>>>>>

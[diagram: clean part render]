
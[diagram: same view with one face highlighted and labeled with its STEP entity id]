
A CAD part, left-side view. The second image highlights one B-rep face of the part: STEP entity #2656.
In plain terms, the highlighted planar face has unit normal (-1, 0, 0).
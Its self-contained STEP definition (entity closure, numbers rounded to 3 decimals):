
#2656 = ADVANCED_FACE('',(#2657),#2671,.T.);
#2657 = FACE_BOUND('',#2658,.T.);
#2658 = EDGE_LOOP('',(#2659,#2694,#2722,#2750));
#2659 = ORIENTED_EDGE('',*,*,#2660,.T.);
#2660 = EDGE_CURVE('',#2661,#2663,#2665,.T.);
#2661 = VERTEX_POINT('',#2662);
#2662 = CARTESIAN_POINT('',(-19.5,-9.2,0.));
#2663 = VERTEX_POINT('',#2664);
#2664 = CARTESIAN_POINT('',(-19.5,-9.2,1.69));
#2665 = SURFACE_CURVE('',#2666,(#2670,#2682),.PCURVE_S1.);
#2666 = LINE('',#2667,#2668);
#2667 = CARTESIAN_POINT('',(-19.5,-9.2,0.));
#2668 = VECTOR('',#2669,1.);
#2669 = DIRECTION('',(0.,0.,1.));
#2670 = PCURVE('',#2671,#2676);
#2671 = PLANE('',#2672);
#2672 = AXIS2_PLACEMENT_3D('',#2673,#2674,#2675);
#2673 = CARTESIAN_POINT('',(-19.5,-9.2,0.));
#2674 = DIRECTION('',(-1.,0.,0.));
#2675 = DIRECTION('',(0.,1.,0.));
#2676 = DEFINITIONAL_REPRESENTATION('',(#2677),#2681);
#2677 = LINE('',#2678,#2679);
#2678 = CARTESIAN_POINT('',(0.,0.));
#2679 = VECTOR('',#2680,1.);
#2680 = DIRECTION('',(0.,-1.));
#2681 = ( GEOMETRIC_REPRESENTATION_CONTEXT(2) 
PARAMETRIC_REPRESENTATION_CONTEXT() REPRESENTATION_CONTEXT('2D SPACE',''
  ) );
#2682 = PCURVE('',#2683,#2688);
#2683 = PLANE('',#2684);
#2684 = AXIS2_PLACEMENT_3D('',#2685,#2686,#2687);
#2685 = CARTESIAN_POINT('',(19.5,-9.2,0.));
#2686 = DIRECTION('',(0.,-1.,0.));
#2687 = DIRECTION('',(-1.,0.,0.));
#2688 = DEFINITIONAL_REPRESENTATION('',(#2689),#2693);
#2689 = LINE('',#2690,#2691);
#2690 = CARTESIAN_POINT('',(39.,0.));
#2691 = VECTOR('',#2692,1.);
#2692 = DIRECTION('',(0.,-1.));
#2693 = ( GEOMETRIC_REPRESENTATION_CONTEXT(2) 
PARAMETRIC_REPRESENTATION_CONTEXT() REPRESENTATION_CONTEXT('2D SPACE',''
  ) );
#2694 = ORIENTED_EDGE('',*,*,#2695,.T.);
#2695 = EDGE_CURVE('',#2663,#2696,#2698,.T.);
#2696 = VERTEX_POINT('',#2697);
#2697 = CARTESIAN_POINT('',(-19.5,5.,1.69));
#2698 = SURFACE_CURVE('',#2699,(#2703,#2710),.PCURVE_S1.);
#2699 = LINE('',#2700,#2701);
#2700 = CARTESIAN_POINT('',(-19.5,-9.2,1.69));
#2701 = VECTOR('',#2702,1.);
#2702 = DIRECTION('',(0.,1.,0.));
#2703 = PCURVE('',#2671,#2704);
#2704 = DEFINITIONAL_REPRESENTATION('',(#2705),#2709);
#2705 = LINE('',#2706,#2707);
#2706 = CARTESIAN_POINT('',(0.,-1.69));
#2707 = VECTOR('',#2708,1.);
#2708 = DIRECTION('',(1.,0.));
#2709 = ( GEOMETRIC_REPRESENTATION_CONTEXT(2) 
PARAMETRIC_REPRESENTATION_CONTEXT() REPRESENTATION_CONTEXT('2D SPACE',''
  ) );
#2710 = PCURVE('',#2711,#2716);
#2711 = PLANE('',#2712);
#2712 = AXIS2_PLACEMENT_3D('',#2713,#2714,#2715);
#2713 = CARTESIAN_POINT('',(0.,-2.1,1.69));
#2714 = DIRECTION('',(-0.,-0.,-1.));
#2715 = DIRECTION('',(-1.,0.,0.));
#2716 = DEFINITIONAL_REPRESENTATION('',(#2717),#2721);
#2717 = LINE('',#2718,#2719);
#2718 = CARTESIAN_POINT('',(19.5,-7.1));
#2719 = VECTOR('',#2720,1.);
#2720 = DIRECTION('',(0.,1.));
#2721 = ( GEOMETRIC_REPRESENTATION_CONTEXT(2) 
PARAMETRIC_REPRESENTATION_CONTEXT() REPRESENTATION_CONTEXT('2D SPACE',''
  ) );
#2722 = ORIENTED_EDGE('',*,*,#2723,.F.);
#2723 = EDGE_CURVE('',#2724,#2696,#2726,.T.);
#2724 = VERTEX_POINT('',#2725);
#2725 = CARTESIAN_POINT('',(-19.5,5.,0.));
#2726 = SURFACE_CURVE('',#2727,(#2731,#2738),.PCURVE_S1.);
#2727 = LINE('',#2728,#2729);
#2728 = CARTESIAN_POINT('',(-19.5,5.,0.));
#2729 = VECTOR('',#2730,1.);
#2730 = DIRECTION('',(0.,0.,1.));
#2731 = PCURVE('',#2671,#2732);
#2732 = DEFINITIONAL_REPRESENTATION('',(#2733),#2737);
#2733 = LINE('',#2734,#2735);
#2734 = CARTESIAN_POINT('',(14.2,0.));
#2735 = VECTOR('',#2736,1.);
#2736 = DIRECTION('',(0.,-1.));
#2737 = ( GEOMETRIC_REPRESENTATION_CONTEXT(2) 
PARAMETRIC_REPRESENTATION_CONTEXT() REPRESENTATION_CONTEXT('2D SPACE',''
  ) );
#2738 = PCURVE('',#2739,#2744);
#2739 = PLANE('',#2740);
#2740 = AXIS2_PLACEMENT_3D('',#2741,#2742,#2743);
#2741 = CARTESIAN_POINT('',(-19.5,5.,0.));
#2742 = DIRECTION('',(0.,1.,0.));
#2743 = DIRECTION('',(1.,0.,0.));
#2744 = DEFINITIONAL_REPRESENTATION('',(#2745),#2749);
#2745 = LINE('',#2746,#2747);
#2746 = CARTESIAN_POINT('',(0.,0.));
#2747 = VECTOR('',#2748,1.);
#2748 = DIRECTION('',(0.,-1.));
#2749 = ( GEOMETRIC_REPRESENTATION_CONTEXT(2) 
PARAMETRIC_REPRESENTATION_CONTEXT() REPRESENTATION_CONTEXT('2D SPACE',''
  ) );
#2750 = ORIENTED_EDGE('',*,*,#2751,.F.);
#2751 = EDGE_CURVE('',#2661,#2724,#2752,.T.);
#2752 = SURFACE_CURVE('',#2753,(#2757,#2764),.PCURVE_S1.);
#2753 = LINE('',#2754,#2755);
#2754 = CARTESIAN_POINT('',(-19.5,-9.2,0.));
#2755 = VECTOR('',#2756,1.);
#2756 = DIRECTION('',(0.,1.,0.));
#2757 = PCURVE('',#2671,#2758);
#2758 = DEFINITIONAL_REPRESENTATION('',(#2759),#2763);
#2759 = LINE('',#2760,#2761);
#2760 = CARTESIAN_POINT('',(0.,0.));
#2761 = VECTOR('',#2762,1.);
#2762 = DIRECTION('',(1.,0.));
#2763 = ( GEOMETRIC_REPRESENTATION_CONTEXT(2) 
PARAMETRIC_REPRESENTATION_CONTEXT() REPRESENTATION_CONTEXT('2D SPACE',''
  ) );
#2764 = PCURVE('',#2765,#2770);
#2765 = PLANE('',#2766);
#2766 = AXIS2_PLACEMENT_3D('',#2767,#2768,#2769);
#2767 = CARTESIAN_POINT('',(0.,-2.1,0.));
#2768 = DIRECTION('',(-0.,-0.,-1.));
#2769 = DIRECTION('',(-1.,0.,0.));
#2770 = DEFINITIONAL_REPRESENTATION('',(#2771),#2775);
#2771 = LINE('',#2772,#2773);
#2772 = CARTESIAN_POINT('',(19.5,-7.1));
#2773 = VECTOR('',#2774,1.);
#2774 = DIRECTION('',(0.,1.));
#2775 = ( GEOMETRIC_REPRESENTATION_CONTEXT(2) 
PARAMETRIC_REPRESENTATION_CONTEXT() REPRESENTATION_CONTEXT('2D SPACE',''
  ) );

<<<<<
>>>>>

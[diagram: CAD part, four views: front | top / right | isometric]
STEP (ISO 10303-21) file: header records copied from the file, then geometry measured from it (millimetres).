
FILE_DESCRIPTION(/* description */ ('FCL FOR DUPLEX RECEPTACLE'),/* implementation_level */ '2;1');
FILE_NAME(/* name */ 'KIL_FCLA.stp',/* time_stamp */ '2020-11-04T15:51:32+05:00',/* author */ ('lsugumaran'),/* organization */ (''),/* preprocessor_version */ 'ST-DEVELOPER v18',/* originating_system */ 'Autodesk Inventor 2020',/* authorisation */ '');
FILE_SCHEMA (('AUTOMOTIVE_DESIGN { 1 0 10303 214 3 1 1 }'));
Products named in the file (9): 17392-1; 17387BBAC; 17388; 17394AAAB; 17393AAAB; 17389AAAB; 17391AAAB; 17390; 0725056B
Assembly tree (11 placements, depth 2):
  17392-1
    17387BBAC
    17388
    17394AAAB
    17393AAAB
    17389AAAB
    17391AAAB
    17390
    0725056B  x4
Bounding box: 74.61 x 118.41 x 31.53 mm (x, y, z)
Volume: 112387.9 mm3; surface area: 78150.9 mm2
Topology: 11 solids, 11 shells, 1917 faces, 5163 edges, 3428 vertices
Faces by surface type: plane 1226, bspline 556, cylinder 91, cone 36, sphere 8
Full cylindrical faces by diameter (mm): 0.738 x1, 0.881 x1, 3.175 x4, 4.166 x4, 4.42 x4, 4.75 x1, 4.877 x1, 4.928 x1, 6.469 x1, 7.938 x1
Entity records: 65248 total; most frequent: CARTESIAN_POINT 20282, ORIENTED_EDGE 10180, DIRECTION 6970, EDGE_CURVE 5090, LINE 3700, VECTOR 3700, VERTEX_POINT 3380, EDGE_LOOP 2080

<<<<<
>>>>>

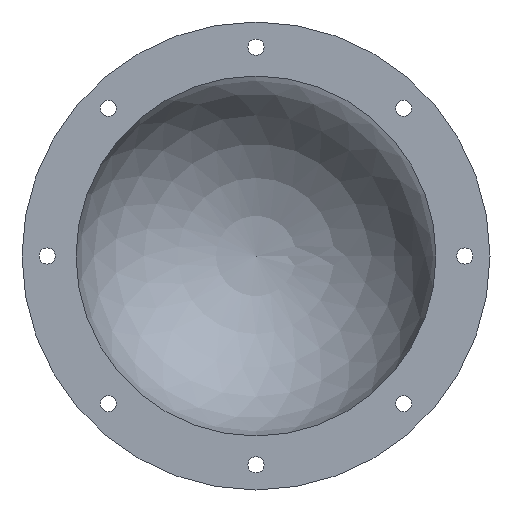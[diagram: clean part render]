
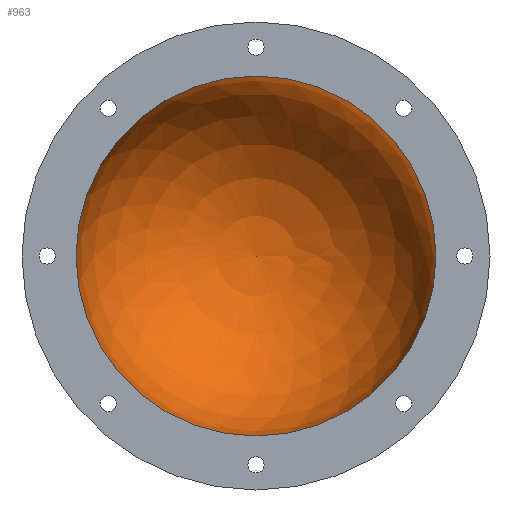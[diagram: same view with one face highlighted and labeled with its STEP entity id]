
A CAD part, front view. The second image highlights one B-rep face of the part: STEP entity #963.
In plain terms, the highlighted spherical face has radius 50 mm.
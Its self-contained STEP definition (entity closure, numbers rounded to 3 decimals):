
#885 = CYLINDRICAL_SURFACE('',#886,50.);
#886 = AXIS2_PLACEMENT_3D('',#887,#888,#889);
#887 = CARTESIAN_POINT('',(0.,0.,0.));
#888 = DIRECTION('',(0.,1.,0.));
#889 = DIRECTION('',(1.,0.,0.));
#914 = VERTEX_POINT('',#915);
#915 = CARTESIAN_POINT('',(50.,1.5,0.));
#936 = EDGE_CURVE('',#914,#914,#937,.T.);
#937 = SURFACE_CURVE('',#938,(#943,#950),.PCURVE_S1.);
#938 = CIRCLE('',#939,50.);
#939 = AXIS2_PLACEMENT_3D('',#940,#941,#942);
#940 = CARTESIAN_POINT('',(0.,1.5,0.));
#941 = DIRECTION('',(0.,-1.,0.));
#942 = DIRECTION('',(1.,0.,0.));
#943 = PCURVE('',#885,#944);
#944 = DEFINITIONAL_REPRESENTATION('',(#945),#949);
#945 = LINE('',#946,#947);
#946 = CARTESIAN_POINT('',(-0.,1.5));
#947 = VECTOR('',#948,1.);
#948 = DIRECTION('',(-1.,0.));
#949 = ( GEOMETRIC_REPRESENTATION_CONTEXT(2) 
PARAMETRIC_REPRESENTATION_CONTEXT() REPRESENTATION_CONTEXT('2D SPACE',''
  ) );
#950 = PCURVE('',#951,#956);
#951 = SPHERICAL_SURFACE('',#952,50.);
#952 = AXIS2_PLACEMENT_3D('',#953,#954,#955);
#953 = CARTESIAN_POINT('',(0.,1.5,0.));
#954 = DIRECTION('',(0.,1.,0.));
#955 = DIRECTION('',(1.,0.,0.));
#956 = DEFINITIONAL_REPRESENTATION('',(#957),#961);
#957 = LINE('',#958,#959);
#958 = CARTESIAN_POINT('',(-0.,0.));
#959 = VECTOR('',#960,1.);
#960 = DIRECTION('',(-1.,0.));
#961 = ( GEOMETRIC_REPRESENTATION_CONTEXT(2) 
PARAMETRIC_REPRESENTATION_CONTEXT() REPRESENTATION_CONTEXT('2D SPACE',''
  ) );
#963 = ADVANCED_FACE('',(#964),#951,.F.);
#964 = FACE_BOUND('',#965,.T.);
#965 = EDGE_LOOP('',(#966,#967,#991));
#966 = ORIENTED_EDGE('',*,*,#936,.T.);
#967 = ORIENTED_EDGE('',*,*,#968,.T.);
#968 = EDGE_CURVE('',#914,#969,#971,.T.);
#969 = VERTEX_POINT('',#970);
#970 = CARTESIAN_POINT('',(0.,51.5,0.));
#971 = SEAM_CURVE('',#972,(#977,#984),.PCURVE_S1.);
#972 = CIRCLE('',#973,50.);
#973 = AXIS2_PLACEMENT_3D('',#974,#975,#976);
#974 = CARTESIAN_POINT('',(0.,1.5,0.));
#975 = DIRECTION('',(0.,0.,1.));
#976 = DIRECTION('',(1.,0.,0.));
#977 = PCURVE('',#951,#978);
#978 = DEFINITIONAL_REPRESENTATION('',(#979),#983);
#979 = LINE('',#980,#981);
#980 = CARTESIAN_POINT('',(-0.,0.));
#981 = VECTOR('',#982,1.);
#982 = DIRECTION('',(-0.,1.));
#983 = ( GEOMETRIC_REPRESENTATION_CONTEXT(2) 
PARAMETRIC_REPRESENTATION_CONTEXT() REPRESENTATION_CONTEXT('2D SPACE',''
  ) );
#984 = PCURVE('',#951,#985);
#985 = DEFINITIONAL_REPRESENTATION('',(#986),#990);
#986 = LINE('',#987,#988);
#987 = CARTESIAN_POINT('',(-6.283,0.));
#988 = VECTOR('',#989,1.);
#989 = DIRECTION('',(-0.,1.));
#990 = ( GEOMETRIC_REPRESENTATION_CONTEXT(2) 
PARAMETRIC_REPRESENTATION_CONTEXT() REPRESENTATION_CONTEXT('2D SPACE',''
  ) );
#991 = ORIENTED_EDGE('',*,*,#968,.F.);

<<<<<

WORK TO COMPLETE: What lines in the material above hold the string "front"? List them.

OUTPUT FOR THIS EXERCISE:
[diagram: CAD part, four views: front | top / right | isometric]
A CAD part, front view. The second image highlights one B-rep face of the part: STEP entity #963.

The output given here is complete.